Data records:
·····
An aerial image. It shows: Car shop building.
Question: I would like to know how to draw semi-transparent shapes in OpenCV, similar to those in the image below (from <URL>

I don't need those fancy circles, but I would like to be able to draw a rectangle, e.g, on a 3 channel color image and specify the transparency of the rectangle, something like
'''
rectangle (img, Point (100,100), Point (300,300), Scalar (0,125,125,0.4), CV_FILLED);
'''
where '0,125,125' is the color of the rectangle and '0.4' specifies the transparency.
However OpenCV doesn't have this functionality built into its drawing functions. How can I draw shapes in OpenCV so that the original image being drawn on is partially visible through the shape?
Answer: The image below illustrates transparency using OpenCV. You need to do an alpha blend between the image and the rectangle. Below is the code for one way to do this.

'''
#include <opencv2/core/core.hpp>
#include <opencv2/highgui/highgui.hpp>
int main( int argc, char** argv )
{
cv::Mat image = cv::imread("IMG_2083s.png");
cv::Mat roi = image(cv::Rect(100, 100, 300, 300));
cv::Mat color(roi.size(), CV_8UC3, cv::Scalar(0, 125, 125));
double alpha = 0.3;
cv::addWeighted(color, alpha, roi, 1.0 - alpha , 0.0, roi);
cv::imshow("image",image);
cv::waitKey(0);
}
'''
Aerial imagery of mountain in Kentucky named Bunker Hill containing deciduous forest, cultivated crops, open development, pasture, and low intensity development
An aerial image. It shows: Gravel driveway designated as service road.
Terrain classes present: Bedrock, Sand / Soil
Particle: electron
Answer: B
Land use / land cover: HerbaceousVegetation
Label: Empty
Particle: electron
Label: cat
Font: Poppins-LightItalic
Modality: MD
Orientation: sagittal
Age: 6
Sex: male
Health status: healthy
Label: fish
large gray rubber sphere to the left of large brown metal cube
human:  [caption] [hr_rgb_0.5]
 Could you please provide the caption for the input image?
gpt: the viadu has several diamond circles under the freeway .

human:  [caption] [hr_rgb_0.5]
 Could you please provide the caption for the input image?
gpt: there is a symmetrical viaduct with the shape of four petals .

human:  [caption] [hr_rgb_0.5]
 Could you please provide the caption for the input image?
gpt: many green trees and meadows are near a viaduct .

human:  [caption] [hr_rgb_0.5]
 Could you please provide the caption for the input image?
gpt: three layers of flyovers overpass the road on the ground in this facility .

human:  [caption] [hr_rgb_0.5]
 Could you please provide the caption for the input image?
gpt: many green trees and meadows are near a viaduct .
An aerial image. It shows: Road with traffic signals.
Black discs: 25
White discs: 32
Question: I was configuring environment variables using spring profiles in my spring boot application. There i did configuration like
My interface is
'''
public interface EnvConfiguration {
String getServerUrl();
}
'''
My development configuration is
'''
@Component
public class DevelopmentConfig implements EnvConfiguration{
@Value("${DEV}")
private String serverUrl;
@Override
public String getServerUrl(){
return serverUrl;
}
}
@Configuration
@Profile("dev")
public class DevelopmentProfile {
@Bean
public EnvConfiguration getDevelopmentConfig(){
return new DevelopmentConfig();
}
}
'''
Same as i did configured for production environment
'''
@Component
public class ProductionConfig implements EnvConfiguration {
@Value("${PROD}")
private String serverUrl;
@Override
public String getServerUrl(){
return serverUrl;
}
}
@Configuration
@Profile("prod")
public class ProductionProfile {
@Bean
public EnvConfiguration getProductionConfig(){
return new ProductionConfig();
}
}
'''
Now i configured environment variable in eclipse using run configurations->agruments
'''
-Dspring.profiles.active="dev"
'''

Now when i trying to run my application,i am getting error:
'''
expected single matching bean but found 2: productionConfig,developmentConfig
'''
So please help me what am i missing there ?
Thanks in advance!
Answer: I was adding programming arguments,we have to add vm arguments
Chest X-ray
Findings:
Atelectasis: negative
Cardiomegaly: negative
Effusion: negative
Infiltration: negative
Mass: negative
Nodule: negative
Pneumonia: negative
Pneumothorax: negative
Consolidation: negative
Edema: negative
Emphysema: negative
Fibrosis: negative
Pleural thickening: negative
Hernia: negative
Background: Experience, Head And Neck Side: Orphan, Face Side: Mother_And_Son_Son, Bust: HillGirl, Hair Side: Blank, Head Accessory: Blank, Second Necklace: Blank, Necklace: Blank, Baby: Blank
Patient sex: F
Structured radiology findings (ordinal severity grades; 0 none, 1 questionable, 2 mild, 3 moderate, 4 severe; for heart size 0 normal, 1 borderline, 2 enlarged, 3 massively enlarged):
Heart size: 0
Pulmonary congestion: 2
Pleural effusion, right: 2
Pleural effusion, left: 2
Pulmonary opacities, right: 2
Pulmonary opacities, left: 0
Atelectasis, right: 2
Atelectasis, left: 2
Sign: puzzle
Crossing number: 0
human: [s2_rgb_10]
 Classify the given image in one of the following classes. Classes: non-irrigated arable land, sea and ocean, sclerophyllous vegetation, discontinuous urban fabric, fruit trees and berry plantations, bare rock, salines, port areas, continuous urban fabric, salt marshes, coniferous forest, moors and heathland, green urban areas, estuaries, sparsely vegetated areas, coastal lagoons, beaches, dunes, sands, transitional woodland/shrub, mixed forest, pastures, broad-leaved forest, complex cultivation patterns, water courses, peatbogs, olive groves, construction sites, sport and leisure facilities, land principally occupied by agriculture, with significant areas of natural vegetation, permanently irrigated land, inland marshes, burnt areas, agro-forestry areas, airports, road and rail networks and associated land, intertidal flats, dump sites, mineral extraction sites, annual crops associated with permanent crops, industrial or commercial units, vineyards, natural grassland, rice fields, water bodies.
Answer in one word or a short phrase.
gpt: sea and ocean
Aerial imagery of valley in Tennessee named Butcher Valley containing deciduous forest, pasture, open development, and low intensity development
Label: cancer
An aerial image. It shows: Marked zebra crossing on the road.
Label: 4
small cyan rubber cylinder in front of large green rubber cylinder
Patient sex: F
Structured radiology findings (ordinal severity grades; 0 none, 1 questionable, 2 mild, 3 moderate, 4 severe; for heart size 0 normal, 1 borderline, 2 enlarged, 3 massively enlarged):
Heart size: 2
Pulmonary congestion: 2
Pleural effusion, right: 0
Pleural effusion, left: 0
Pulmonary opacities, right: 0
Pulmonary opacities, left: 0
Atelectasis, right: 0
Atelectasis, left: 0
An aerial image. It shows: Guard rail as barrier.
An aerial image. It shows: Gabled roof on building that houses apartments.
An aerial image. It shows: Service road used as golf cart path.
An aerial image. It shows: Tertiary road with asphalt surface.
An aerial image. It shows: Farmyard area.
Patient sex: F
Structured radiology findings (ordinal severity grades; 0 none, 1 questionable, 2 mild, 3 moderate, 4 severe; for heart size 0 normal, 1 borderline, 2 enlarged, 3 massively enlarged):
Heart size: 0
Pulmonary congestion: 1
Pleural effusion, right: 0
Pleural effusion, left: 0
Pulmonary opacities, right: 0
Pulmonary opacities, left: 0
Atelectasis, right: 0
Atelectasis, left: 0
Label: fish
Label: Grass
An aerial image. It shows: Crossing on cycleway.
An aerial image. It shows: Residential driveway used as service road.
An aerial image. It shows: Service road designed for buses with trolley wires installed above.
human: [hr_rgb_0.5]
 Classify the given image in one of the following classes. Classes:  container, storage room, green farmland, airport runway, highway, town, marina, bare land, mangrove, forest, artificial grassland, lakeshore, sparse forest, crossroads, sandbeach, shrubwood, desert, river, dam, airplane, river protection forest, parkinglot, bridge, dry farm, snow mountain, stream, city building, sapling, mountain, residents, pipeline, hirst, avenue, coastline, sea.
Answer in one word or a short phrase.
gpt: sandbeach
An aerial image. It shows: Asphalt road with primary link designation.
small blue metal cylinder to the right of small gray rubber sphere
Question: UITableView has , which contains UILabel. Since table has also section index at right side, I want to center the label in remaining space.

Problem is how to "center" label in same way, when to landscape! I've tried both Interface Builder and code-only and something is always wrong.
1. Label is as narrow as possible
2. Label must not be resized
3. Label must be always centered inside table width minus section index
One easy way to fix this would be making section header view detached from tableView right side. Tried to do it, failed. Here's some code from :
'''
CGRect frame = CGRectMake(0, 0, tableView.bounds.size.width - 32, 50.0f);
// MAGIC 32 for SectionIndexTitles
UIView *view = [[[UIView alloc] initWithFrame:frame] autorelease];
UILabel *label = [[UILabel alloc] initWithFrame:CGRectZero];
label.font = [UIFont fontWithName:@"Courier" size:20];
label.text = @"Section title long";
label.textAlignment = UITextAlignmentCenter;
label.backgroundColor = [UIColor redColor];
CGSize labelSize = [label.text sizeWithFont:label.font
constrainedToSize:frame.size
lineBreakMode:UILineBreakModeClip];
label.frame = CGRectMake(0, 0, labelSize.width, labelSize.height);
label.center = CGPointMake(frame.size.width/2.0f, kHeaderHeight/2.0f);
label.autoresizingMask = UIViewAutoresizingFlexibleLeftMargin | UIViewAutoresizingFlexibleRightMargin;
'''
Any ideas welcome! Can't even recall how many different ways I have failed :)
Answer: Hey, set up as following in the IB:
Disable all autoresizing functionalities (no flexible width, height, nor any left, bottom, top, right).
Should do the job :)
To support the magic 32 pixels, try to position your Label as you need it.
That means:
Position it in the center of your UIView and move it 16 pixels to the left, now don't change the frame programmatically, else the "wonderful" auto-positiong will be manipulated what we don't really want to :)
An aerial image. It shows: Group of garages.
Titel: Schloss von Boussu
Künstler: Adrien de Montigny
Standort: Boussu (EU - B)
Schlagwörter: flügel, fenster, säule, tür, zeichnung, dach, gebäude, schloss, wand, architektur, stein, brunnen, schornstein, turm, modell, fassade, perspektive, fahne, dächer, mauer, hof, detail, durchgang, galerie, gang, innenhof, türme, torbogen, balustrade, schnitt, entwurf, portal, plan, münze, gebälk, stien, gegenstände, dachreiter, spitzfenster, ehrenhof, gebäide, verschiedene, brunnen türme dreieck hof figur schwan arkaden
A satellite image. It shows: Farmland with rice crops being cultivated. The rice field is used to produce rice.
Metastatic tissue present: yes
·····
● **How to complete this task**: All that belongs in the answer is the run of lines above from the line containing "Font: Poppins-LightItalic" through the line containing "Black discs: 25", exactly as written.

● **Answer to this task**:
Font: Poppins-LightItalic
Modality: MD
Orientation: sagittal
Age: 6
Sex: male
Health status: healthy
Label: fish
large gray rubber sphere to the left of large brown metal cube
human:  [caption] [hr_rgb_0.5]
 Could you please provide the caption for the input image?
gpt: the viadu has several diamond circles under the freeway .

human:  [caption] [hr_rgb_0.5]
 Could you please provide the caption for the input image?
gpt: there is a symmetrical viaduct with the shape of four petals .

human:  [caption] [hr_rgb_0.5]
 Could you please provide the caption for the input image?
gpt: many green trees and meadows are near a viaduct .

human:  [caption] [hr_rgb_0.5]
 Could you please provide the caption for the input image?
gpt: three layers of flyovers overpass the road on the ground in this facility .

human:  [caption] [hr_rgb_0.5]
 Could you please provide the caption for the input image?
gpt: many green trees and meadows are near a viaduct .
An aerial image. It shows: Road with traffic signals.
Black discs: 25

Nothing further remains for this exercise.